What needs to be done –
If a record holds a picture, leave the picture out and copy everything else exactly.

===== Provided entries

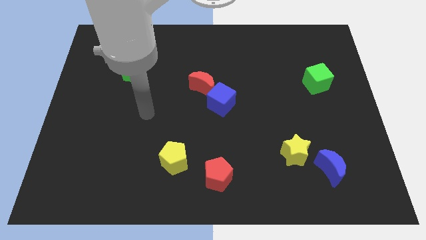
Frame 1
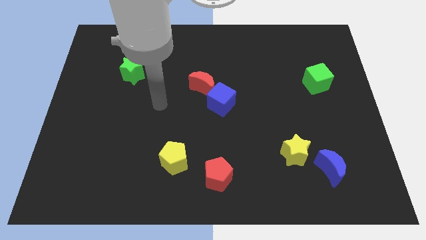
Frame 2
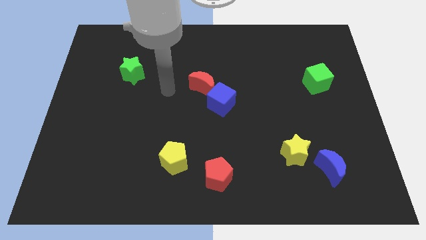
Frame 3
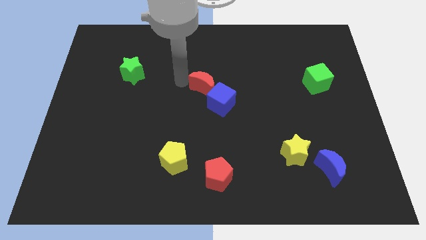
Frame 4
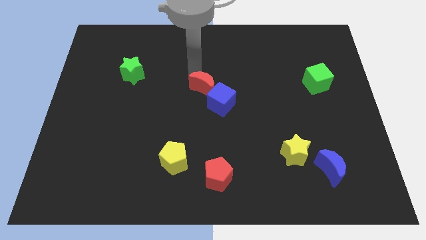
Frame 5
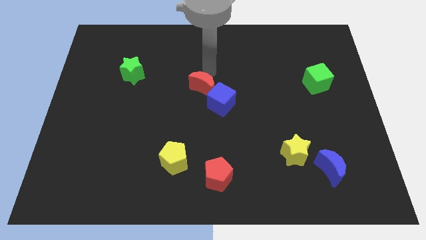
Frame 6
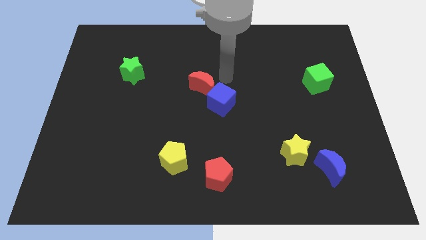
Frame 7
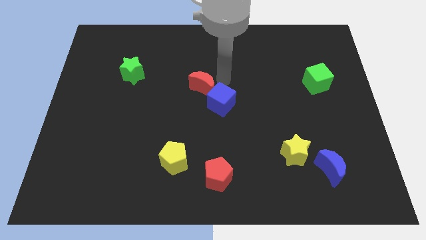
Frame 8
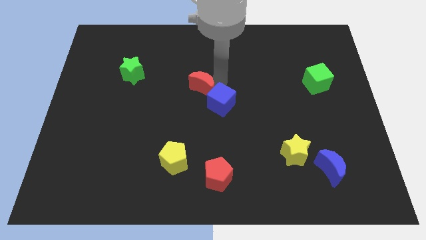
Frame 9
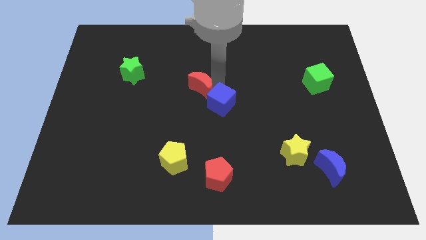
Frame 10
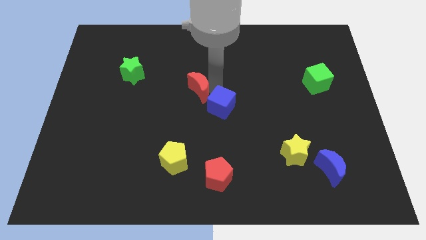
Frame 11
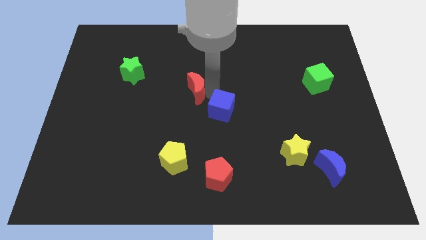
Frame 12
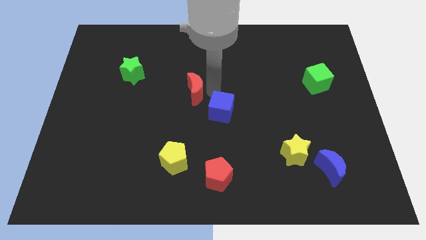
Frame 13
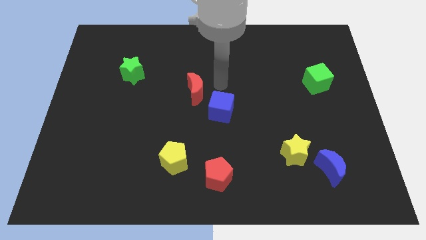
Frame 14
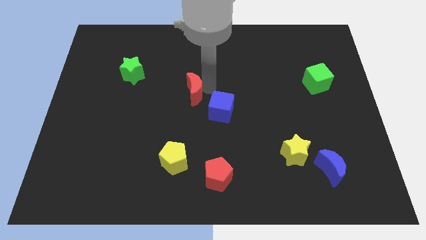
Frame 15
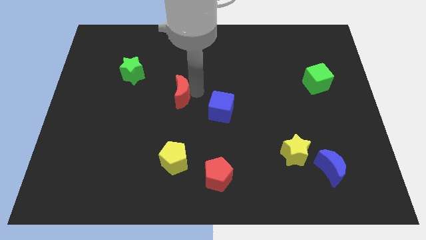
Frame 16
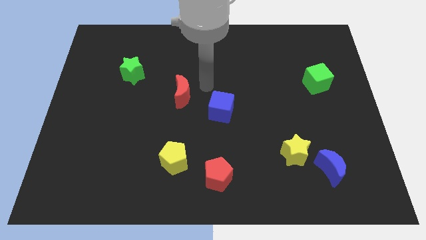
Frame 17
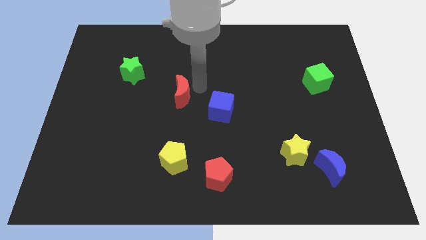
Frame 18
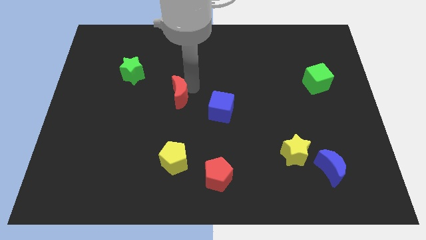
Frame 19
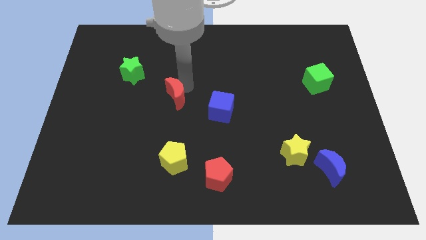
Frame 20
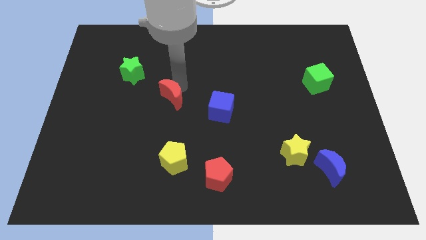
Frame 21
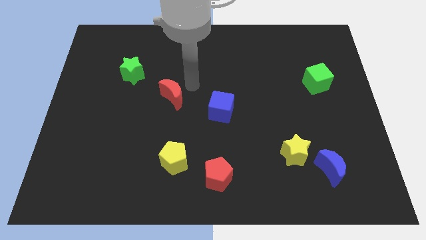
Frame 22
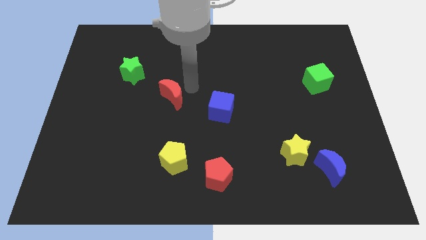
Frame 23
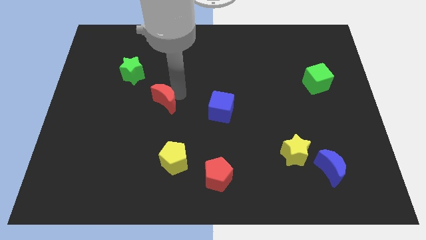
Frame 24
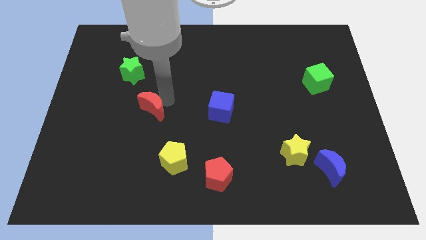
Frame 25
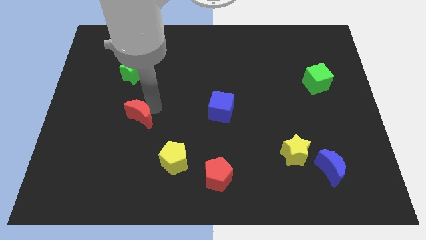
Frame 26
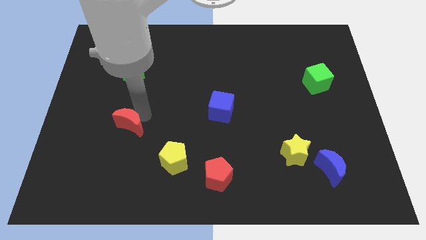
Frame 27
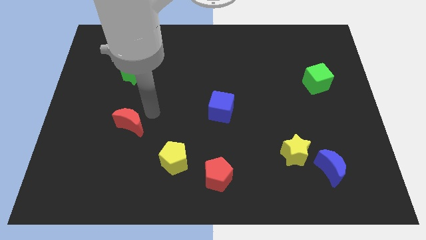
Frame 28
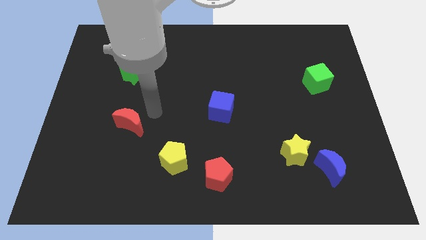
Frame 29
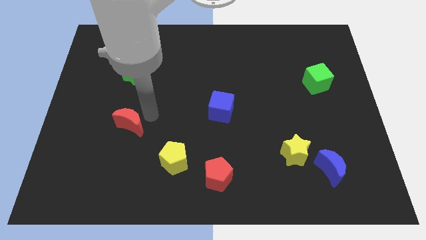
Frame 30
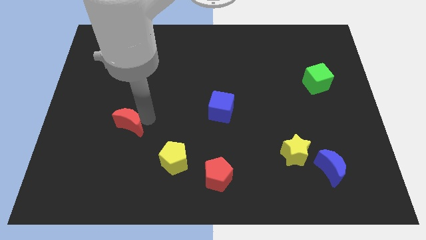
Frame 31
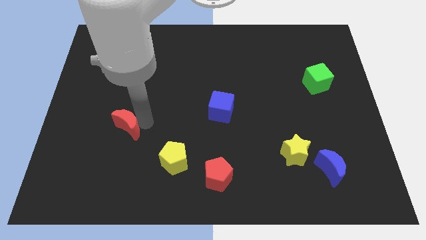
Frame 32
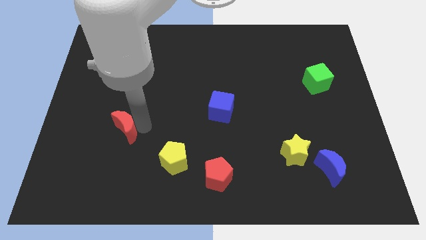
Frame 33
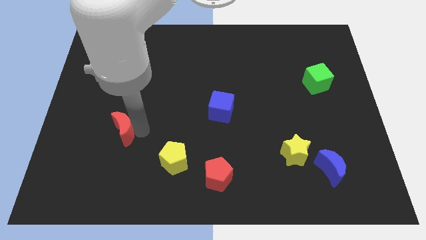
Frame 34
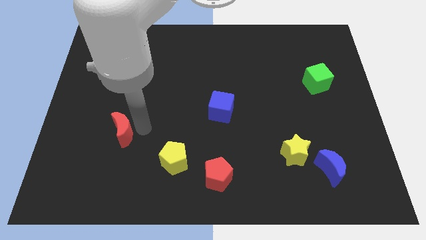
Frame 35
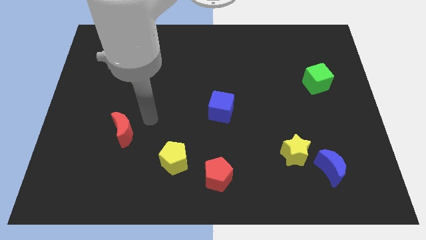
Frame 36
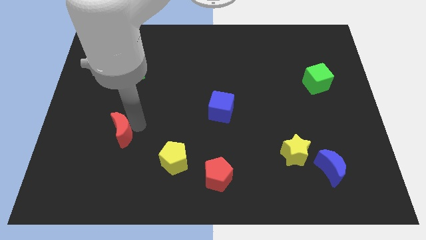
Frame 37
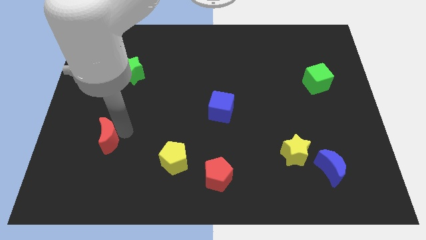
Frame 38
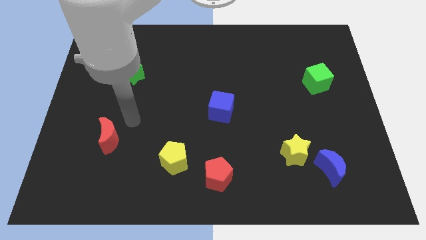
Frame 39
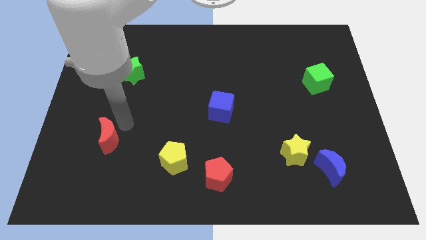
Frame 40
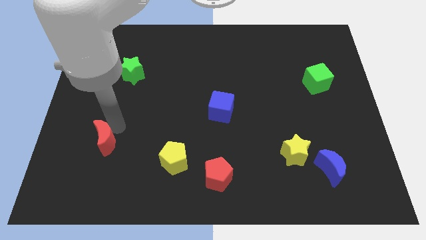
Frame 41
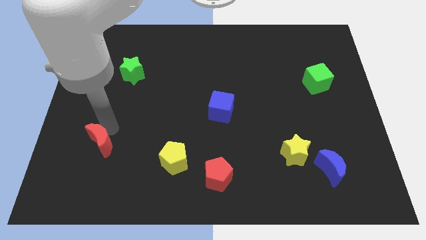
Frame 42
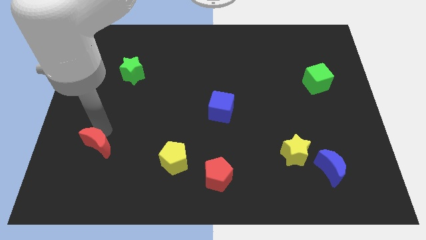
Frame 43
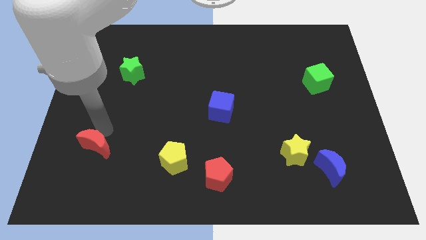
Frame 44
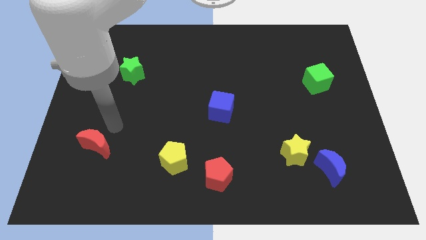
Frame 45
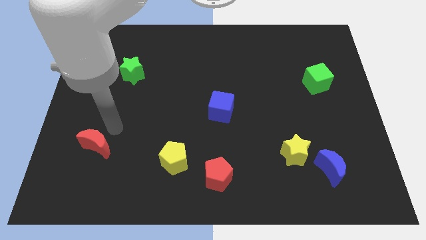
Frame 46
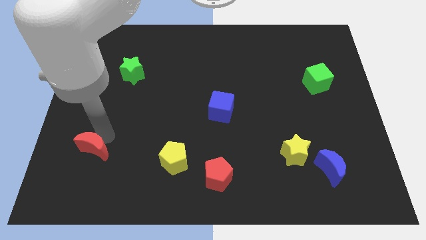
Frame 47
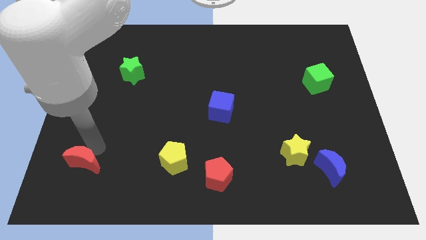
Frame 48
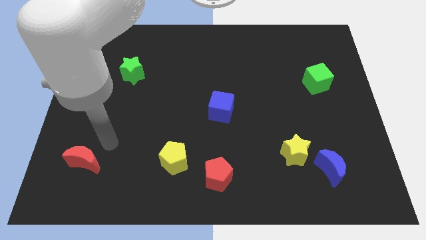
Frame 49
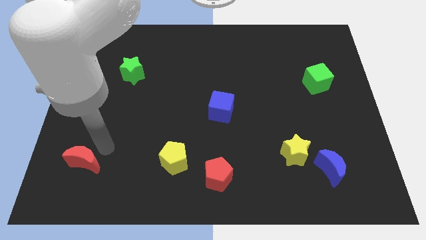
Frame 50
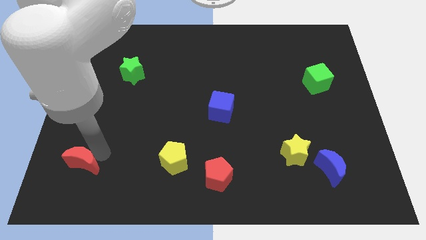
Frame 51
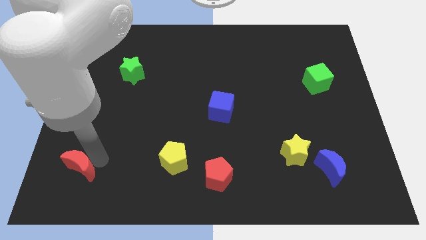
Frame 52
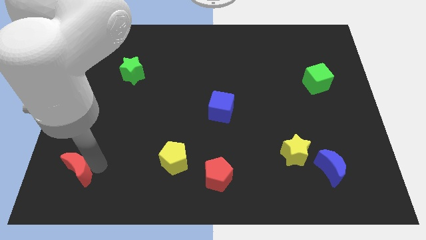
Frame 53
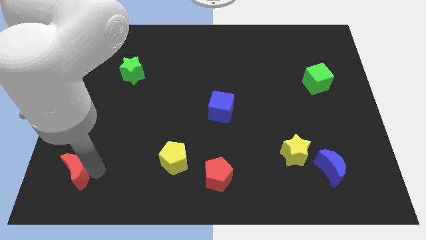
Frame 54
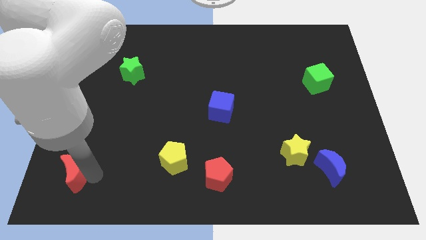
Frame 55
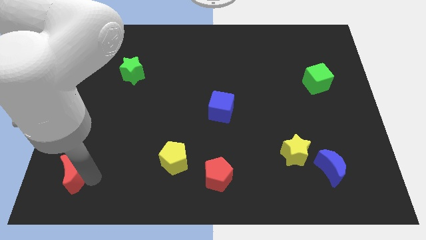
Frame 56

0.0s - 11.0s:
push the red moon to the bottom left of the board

==========

Response box –
Frame 1
Frame 2
Frame 3
Frame 4
Frame 5
Frame 6
Frame 7
Frame 8
Frame 9
Frame 10
Frame 11
Frame 12
Frame 13
Frame 14
Frame 15
Frame 16
Frame 17
Frame 18
Frame 19
Frame 20
Frame 21
Frame 22
Frame 23
Frame 24
Frame 25
Frame 26
Frame 27
Frame 28
Frame 29
Frame 30
Frame 31
Frame 32
Frame 33
Frame 34
Frame 35
Frame 36
Frame 37
Frame 38
Frame 39
Frame 40
Frame 41
Frame 42
Frame 43
Frame 44
Frame 45
Frame 46
Frame 47
Frame 48
Frame 49
Frame 50
Frame 51
Frame 52
Frame 53
Frame 54
Frame 55
Frame 56

0.0s - 11.0s:
push the red moon to the bottom left of the board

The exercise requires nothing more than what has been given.